The SLAM system takes in video and performs localization and mapping. It has two threads: a **frontend** thread which takes new frames, extracts features, selects keyframes, and performs local bundle adjustment, and a **backend** which performs global bundle adjustment over the history of keyframes.

They initialize the network by collecting 12 frames and making a frame graph. Frames are only kept if there is sufficient optical flow between them.

The frontend operates directly on the incoming video frames by maintaining the keyframes and frame graph, updating pose and depth estimations, and removing redundant keyframes.

The backend performs full global bundle adjustment on all keyframes and updates the frame graph.
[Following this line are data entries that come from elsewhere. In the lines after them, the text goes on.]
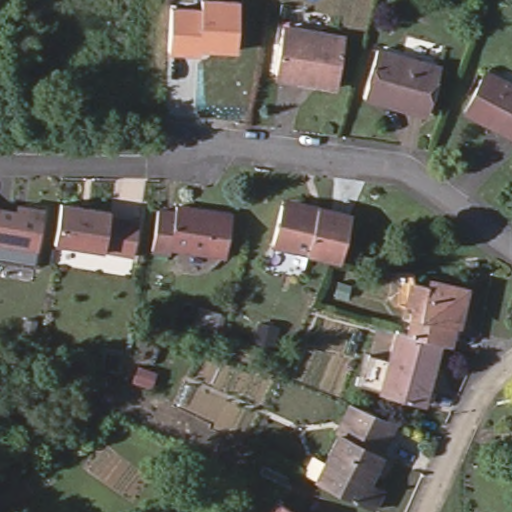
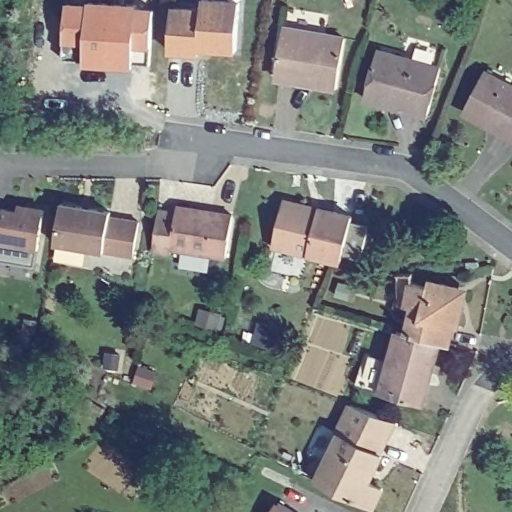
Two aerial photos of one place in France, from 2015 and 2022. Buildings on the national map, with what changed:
new [(87,4),(87,0),(115,1),(114,4),(136,5),(136,8),(153,9),(152,45),(150,65),(132,61),(132,66),(110,64),(110,67),(84,65),(84,59),(63,58),(64,41),(66,3),(87,4)]
unchanged [(236,53),(202,51),(201,57),(169,54),(172,6),(201,9),(201,0),(212,0),(241,2),(236,53)]
unchanged [(297,74),(276,69),(287,25),(349,40),(336,89),(314,84),(296,80),(297,74)]
unchanged [(392,106),(369,102),(377,52),(439,62),(432,110),(408,105),(407,109),(392,106)]
unchanged [(512,84),(512,134),(471,113),(491,73),(512,84)]
unchanged [(347,261),(337,259),(277,246),(286,208),(287,201),(322,209),(357,217),(347,261)]
unchanged [(16,203),(33,206),(42,207),(33,265),(31,265),(0,260),(0,206),(15,209),(16,203)]
unchanged [(110,214),(109,219),(139,224),(133,259),(52,246),(59,205),(110,214)]
unchanged [(182,209),(237,218),(231,263),(175,253),(174,258),(157,255),(162,223),(163,214),(181,216),(182,209)]
unchanged [(469,260),(469,268),(456,268),(457,260),(469,260)]
unchanged [(411,331),(419,299),(414,296),(420,277),(432,281),(434,276),(450,280),(449,286),(458,288),(467,296),(464,307),(470,310),(465,327),(459,325),(454,343),(441,339),(411,331)]
unchanged [(429,380),(433,382),(427,402),(384,389),(402,328),(411,331),(441,339),(429,380)]
unchanged [(403,424),(387,455),(347,434),(345,433),(359,406),(403,424)]
unchanged [(332,464),(347,434),(387,455),(389,456),(375,483),(387,491),(379,510),(344,492),(331,485),(323,481),(332,464)]
unchanged [(295,512),(279,512),(284,504),(295,512)]

The system can also use Stereo and RGB-D, treating depth as a variable which can still have error. It can be trained on and the network learns to remove this error.

### Experiments

> We compare to both deep learning and established classical SLAM algorithms and put specific emphasis on cross-dataset generalization.

> Our network is trained entirely on monocular video from the synthetic TartanAir dataset. Training takes 1 week on 4 RTX-3090 GPUs.

Goes to show how much room for improvement there is if models still have room to improve by scaling up parameters and training them with more compute.

**1. TartanAir**

![Screenshot 2024-11-07 at 6.28.12 PM.png](../images/Screenshot_2024-11-07_at_6.28.12_PM.png)

> On most sequences, we outperform existing methods by an order-of-magnitude and achieve 8x lower average error than TartanVO and 20x lower than DeepV2D.

**2. EuRoC**

![Screenshot 2024-11-07 at 6.29.04 PM.png](../images/Screenshot_2024-11-07_at_6.29.04_PM.png)

**3. TUM-RGBD**

![Screenshot 2024-11-07 at 6.30.23 PM.png](../images/Screenshot_2024-11-07_at_6.30.23_PM.png)

> The RGBD dataset consists of indoor scenes captured with handheld camera. This is a notoriously difficult dataset for monocular methods due to rolling shutter artifacts, motion blur, and heavy rotation.

> It successfully tracks all 9 sequences while achieving 83% lower ATE than DeepFactors and which succeeds on all videos and 90% lower ATE than DeepV2D.

**4. ETH3D-SLAM**

![Screenshot 2024-11-07 at 6.30.35 PM.png](../images/Screenshot_2024-11-07_at_6.30.35_PM.png)

> Our system can run in real-time with 2 3090 GPUs. Tracking and local BA is run on the first GPU, while global BA and loop closure is run on the second.

### Conclusion

> We introduce DROID-SLAM, an end-to-end neural architecture for visual SLAM. DROID-SLAM is accurate, robust, and versatile and can be used on monocular, stereo, and RGB-D video. It outperforms prior work by large margins on challenging benchmarks.